For standard cases: Use hinting or a clever compiler with runtime profiling. I assume that there will be no really new algorithms in the area oft ADTs for some time (and if: just put them into the next compiler revision and be able to use it automatically). Has really anybody used other than the standard hashes/lists/quicksorts etc in the last time? Frequently?

I thing thats some part of the fallacy which lead to those lots of minimal languages: The fear that you need something the language don't support. But is this really happening in practice? Or aren't those few basic datatypes everybody uses everyday not really totally sufficient for the huge majority of situations?

And if you really need something else at some time, fine, just implement it via the language. It will look more ugly and may be more difficulty to use than a 'self-made' datatype in your favourite minimal language which is designed with the goal of extensibility in mind, but who cares if it happens only few times in a really big program?

Wouldn't it be much better to support those 99% standard-use-cases as best as possible, even if it makes the rest maybe 3 times as complicated?
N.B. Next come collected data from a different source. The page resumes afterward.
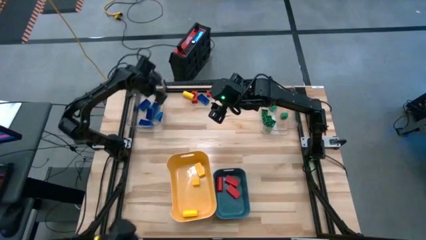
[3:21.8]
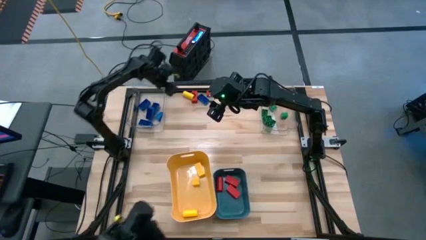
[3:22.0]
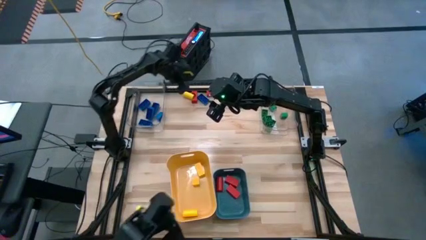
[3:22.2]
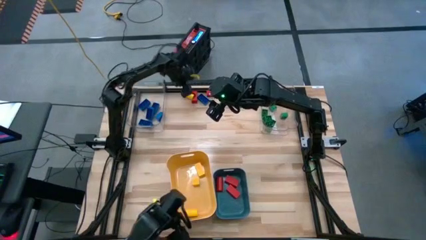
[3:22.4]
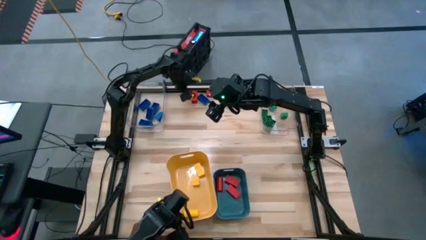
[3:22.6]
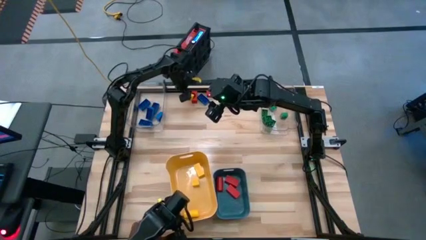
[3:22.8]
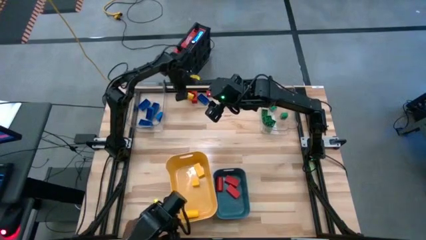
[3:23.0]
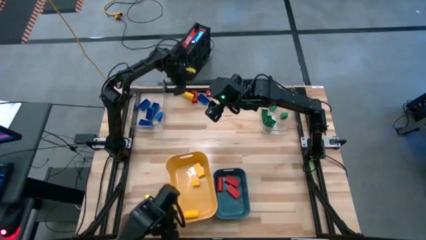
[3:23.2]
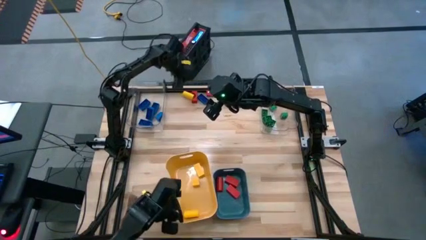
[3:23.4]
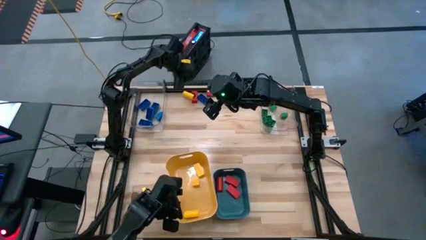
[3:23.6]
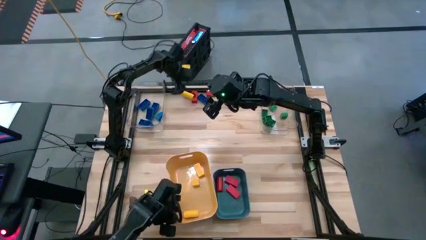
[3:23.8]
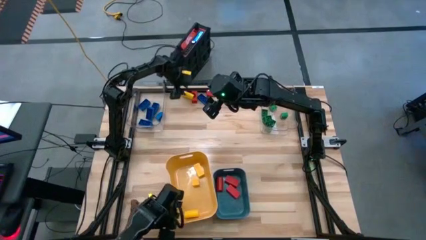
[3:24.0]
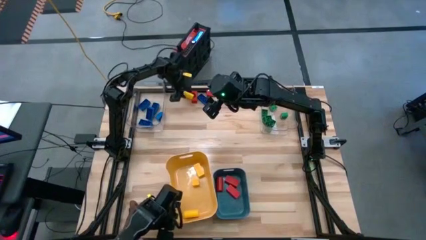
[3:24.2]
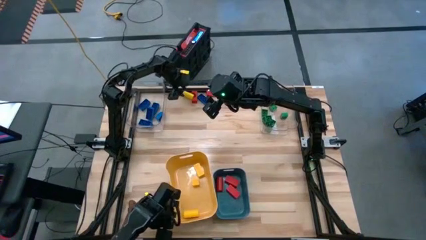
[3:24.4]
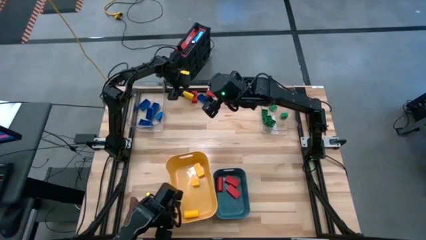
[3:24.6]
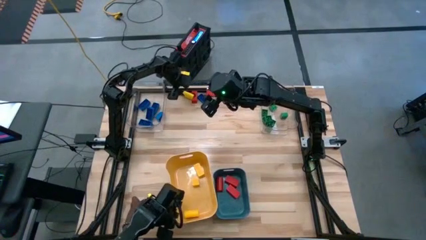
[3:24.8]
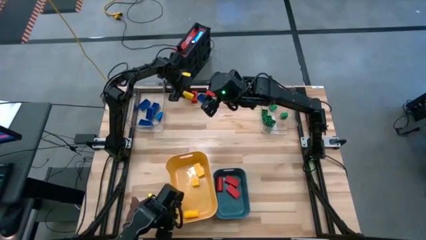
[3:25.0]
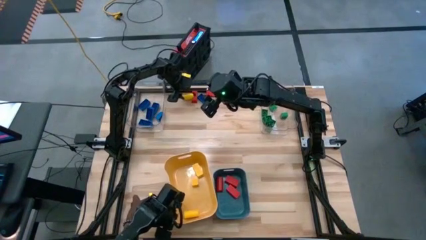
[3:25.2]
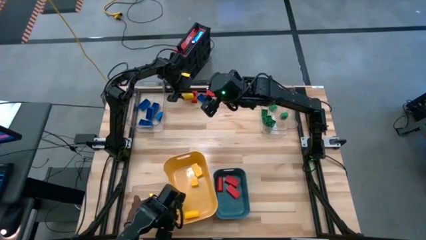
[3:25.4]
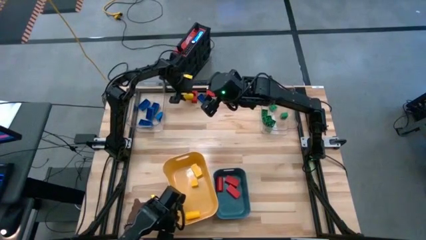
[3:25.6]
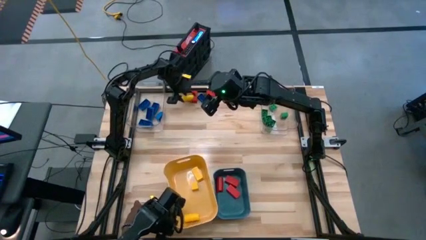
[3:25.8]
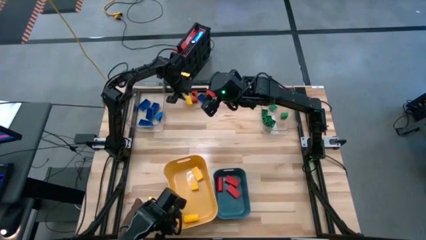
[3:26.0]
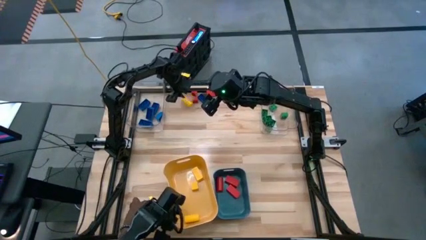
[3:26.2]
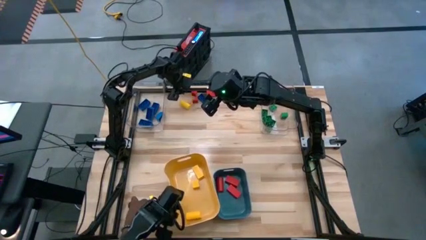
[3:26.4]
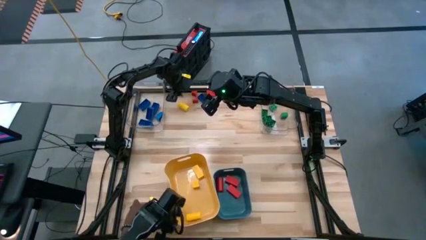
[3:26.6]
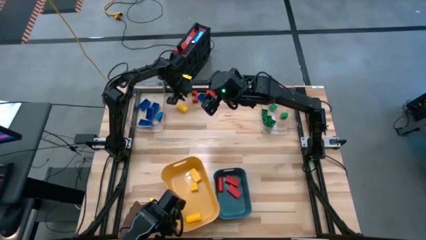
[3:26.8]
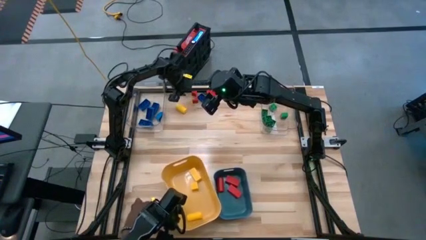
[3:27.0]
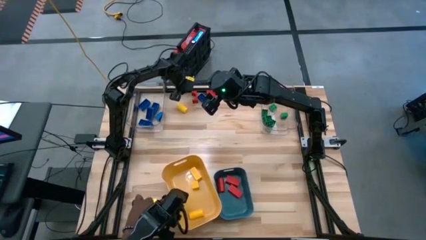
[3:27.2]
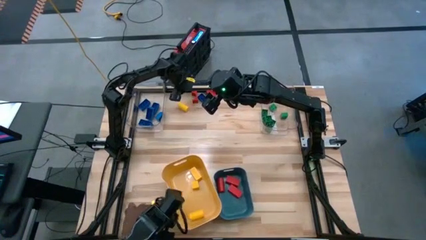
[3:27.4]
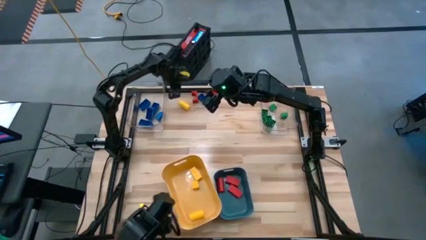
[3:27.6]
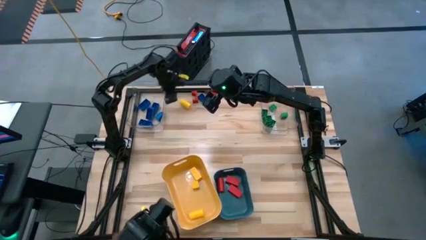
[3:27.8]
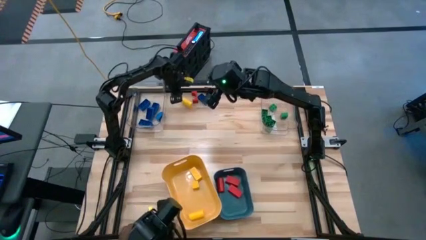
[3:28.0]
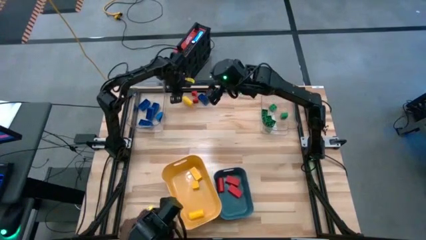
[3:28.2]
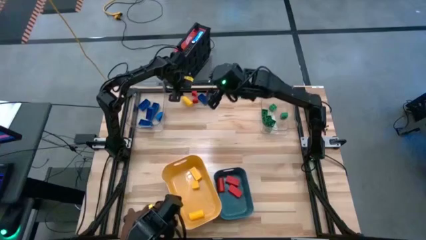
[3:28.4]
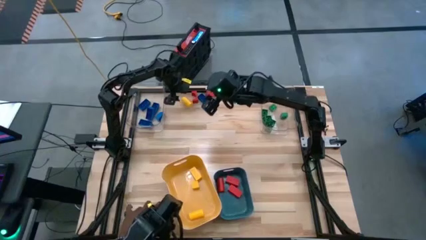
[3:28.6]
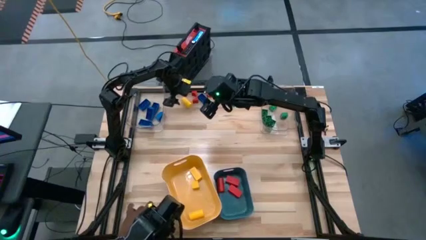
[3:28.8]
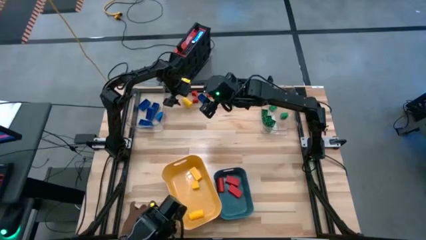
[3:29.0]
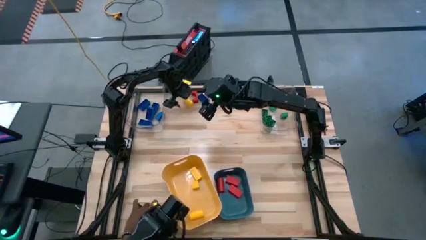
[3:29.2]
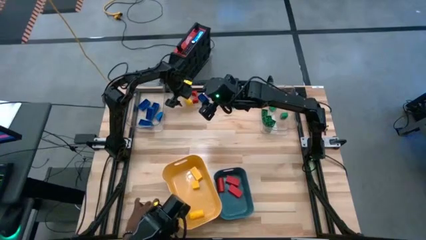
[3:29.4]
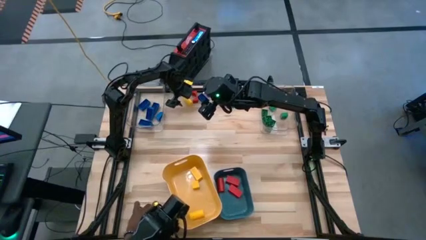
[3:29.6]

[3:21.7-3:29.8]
Put the yellow block into the yellow bin

To be honest, I wouldn't want most people from the software pattern camp design language features (as opposed to library features) that deal with numeric problems. Just have a look at the mis-designed complex number C extension or C++ class (as an example of a language that claims to do it right: http://www.digitalmars.com/d/cppcomplex.html).

When it comes to numerics and algebra, I rely on numeric and algebra experts, not on language designers. And I'm tired to wait for languages like D to become mainstream, let alone to wait for language-design inclined experts for tensors, quaternions, or Clifford algebras to come up with a language that then eventually will become acceptable for my employer - it'll never happen. Thus, I greatly prefer the library approach. Unfortunately, while this might be an option with a well-designed macro system, it isn't with the mess of mainstream OO languages.

All that remains for me is to do the fun part, R&D and prototyping, in languages such as Mathematica, and then do it the hard way, probably with code generation, in C and C++.

Why would that never happen? I think it's because of the 'small is beautiful' thinking, many language designers have and I ask myself, if this thinking is maybe flawed and eventually the reason for the lack of a really useful programming language after years of research in this area.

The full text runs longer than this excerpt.